2: In general, DKL(Y||X)=EY(log⁡(Y)−log⁡(X)) is "How surprised will I be if Y is true, given I initially believe X?".

For example suppose Y is the same as X except that Y puts a little bit of probability mass on an outcome A that X considers to be earthshatteringly unlikely. Then:

• DKL(Y||X) will be large because even if Y doesn't think A is too likely, if A does happen X will be astronomically surprised.
• DKL(X||Y) will be small, because for every outcome X considers to be possible, Y also considers it almost equally possible too. Y will never be unduly surprised by X.

Given the roles these play, often one sees something like DKL(Posterior || Prior), "How surprised will I be if Posterior is true, given I initially believe Prior?". Penalizing this term would mean that Posterior is encouraged to be a "subset/sharpening" of Prior. Posterior strongly wants to ONLY consider moves that Prior considers, but does NOT get penalized as much for failing to consider all of them.

Here though, we have a reversed KL divergence, DKL(P||π) where π is the Posterior and P is the Prior. Penalizing this term means that Posterior is encouraged to be a "superset" of Prior. Posterior strongly wants to consider ALL moves that Prior considers, but does not get penalized as much if it also considers some moves that Prior would think to be earthshatteringly unlikely.

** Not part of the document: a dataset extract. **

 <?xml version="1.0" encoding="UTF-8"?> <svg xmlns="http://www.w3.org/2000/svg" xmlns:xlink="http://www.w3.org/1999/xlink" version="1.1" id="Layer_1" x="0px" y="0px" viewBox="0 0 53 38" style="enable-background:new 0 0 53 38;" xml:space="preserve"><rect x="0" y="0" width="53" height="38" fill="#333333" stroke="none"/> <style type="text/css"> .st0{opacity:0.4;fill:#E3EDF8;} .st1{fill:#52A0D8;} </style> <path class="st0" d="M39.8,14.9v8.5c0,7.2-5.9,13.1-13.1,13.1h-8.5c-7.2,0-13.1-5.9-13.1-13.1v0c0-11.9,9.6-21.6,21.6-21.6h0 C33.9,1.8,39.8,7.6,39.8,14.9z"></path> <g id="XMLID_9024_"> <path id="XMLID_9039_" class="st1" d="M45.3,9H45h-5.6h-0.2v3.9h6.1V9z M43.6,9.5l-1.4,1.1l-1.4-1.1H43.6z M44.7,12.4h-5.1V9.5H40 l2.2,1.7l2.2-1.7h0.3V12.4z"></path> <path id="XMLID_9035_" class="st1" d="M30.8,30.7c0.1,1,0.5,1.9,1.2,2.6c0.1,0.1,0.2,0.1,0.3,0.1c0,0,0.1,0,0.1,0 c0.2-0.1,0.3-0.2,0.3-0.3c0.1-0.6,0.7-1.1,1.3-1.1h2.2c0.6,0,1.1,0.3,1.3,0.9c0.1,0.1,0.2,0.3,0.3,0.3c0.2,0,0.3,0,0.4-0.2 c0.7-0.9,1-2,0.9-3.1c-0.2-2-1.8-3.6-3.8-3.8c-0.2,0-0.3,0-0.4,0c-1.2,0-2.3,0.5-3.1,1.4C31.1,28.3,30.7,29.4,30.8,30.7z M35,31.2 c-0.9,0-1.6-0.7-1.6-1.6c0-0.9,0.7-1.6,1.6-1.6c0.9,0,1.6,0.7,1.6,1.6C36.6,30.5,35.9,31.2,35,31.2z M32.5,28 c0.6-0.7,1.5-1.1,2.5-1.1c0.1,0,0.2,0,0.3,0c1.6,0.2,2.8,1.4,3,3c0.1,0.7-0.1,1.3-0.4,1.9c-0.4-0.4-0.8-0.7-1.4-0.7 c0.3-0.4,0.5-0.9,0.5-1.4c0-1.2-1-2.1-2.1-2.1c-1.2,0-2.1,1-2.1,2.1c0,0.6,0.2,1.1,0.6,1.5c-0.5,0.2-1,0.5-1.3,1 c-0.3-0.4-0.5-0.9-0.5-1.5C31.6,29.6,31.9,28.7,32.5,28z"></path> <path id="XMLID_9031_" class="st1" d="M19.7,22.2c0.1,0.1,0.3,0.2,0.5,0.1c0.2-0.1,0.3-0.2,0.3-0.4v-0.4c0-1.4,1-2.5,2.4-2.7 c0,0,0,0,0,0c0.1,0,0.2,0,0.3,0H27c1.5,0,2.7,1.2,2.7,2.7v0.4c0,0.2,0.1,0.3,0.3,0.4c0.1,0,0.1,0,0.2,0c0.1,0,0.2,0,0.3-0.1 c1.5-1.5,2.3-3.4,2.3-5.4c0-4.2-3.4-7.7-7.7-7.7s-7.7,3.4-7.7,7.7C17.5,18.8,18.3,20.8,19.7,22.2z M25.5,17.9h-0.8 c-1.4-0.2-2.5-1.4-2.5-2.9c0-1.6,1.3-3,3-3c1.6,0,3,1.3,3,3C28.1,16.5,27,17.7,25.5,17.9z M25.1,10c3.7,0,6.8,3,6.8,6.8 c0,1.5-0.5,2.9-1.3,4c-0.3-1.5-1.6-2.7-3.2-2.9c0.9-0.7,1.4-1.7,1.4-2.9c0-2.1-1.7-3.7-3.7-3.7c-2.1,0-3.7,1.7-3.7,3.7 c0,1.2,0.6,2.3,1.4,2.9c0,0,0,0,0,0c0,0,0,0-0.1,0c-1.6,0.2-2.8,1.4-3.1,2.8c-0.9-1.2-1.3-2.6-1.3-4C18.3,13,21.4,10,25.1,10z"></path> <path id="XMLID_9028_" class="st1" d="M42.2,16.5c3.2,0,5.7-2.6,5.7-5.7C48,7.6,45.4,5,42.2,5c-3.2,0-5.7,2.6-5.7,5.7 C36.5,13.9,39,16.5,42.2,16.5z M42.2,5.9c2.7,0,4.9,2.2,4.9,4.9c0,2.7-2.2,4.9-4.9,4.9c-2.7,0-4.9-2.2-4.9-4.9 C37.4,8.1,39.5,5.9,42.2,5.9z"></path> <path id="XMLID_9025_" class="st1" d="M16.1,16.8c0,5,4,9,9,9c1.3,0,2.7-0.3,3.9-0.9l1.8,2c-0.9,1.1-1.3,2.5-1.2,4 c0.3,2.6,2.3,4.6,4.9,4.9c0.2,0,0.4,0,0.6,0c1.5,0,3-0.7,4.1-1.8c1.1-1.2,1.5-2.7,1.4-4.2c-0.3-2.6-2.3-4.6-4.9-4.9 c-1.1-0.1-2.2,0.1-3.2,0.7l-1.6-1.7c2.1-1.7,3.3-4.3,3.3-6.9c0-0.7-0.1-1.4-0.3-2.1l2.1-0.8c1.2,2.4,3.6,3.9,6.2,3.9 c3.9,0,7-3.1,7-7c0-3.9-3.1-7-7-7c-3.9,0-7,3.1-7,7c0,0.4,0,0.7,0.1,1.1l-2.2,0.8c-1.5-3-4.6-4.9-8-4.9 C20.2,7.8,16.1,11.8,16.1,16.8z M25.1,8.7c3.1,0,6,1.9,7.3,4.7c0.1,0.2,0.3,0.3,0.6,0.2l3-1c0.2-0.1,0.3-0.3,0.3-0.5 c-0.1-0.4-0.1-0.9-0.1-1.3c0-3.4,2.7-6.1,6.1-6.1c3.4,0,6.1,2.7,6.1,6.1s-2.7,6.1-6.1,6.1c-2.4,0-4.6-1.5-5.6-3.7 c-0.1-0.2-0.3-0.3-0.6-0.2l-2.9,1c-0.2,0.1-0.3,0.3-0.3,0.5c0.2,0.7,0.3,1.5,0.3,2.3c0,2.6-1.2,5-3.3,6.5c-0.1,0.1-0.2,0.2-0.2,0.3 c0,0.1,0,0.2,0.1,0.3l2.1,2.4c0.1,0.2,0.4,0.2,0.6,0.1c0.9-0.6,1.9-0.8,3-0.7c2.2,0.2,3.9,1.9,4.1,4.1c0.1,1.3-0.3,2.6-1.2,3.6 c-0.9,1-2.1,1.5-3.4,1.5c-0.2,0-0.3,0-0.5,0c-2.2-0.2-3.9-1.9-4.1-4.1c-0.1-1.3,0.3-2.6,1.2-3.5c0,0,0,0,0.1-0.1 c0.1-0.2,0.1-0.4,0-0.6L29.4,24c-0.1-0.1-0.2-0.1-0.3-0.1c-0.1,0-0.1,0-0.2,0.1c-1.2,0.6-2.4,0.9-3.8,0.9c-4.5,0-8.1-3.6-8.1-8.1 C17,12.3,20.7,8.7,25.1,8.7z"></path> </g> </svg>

Both KL divergences behave very similarly in the common case. But in the edge cases where they differ, the reversed KL divergence is arguably the better one for exploration (by making sure it considers ALL moves in the Prior) and for recovering from partial overfitting/overconfidence of the neural net (by tolerating when it considers moves that Prior thinks are entirely impossible), and this turns out to be the one MCTS implicitly uses.

3: A big challenge in practice with using the exact solution seems to be that using the direct solution to argmaxπ∑aπ(a)Q(a)−λNKL(P||π) can sometimes put a large policy weight on a move with relatively few visits if its Q appears good enough. However, moves with high Q values but low visits are often erroneous, such as when a shallow search blunders by overlooking a key tactic. This problem maybe manifests more often at larger amounts of search the very shallow 50-visit searches tested in the paper.

From a theory perspective, we could say perhaps this is because the optimization problem doesn't account for differing uncertainty based on the number of visits. There can also be problems due to correlations or adverse selection in the uncertainty in utilities, e.g. the same tactic occurs in many possible branches and throughout the search all the seemingly-highest-Q branches are precisely the branches overlooking that tactic and blundering. Using the visit distribution as the posterior policy is far more robust to this, because the only way to increase the weight of a move in the visit distribution is to actually search the move extensively. This means that a move cannot get a high weight until a deeper analysis of that move confirms the high Q value and cannot find any flaws in it.

4: For those curious, KataGo handles it in Go by leveraging an easily-proved theorem specific to Go: "Suppose a move has been played on some location. Let E be the number of empty spaces in all connected empty regions that border that move, and let S be the number of stones in the chain that contains that move. Then, even if the players cooperate, it will take at least S+E-1 moves to return to the position prior to that move". Based on this theorem, which can lower-bound the lengths of cycles, it's possible to construct a hash of the history that will almost never prevent sharing nodes for transpositions in normal situations, and yet is completely reliable at not sharing nodes when cycles are relevant, for all cycles up to a configurable desired cycle length.